| TRY IT |
An exact copy of every record below is needed, with all pictures removed.
DATASET CONTENT below:
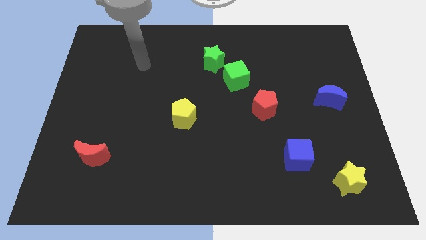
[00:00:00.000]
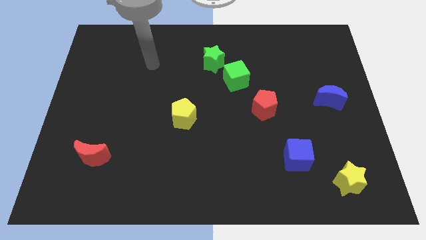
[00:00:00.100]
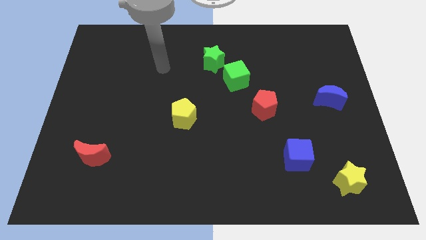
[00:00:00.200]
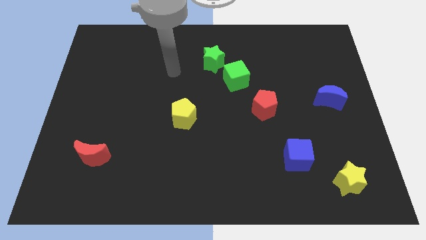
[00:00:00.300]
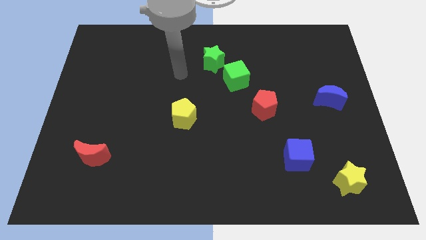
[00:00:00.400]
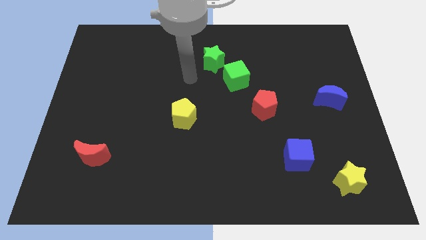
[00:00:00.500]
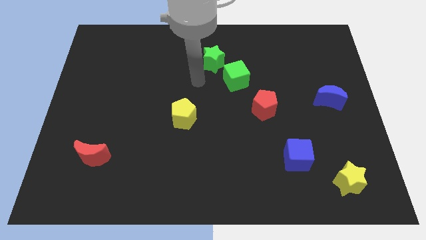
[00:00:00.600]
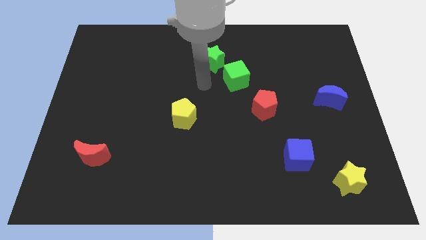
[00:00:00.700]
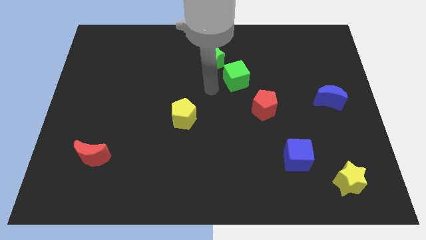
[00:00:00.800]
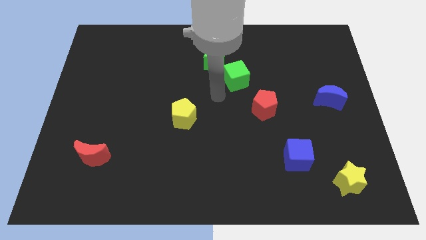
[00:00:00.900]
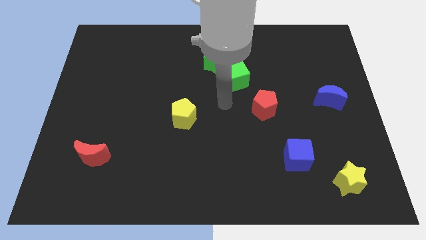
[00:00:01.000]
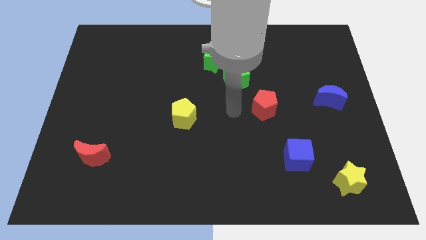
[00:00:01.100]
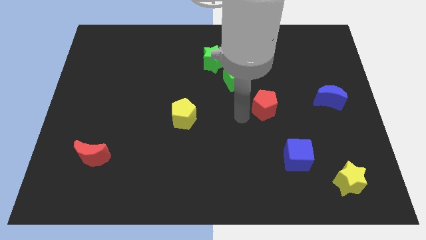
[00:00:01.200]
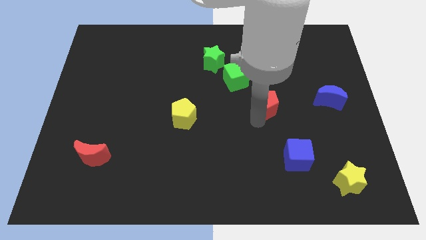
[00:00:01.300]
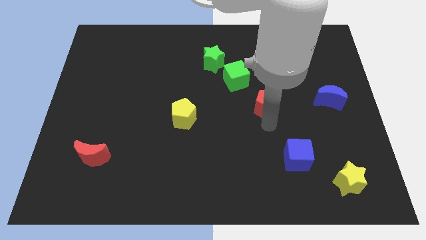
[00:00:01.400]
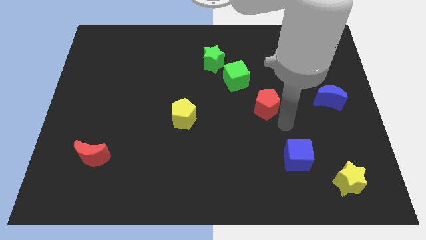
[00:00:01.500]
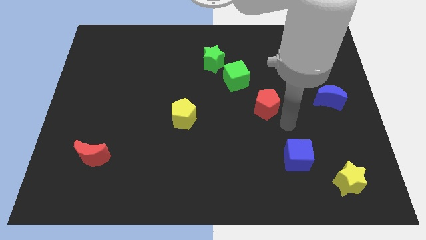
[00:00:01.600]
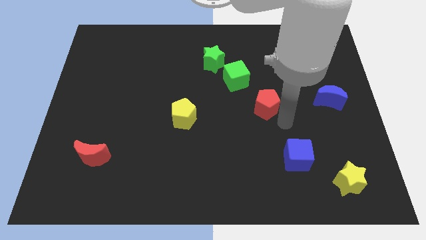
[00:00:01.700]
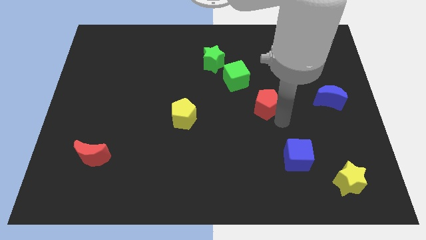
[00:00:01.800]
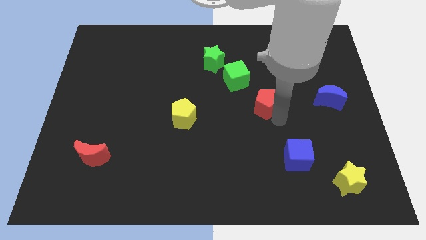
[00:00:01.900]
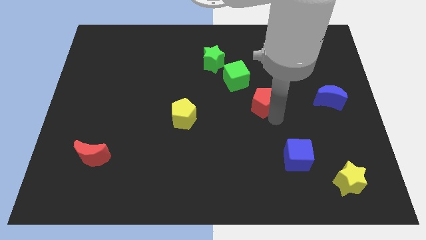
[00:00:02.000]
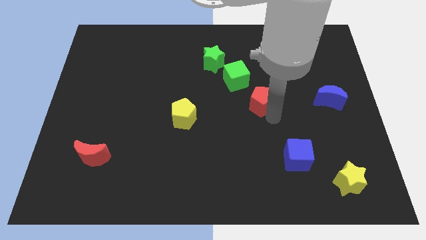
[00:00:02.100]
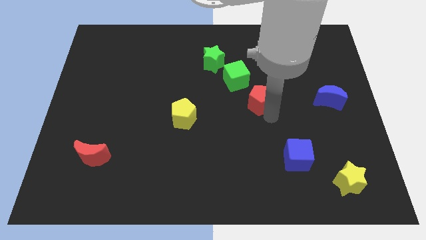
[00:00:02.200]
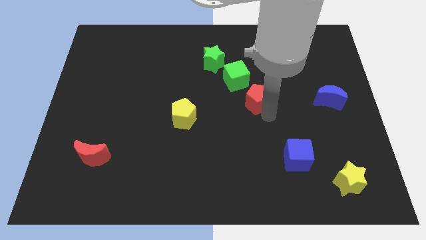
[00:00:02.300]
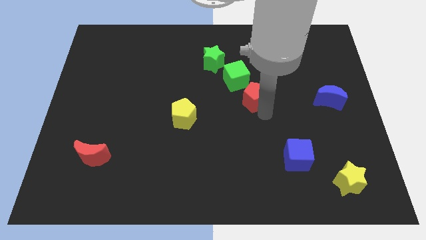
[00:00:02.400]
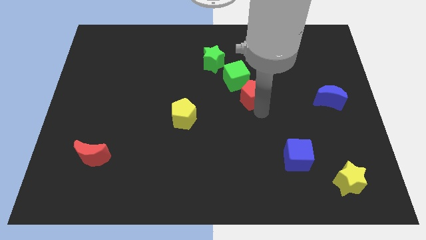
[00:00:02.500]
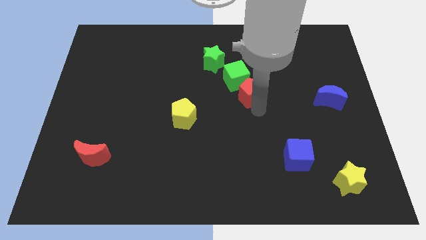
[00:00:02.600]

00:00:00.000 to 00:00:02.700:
slide the red pentagon to the green cube
End of DATASET CONTENT.
| ANSWER BOX |
[00:00:00.000]
[00:00:00.100]
[00:00:00.200]
[00:00:00.300]
[00:00:00.400]
[00:00:00.500]
[00:00:00.600]
[00:00:00.700]
[00:00:00.800]
[00:00:00.900]
[00:00:01.000]
[00:00:01.100]
[00:00:01.200]
[00:00:01.300]
[00:00:01.400]
[00:00:01.500]
[00:00:01.600]
[00:00:01.700]
[00:00:01.800]
[00:00:01.900]
[00:00:02.000]
[00:00:02.100]
[00:00:02.200]
[00:00:02.300]
[00:00:02.400]
[00:00:02.500]
[00:00:02.600]

00:00:00.000 to 00:00:02.700:
slide the red pentagon to the green cube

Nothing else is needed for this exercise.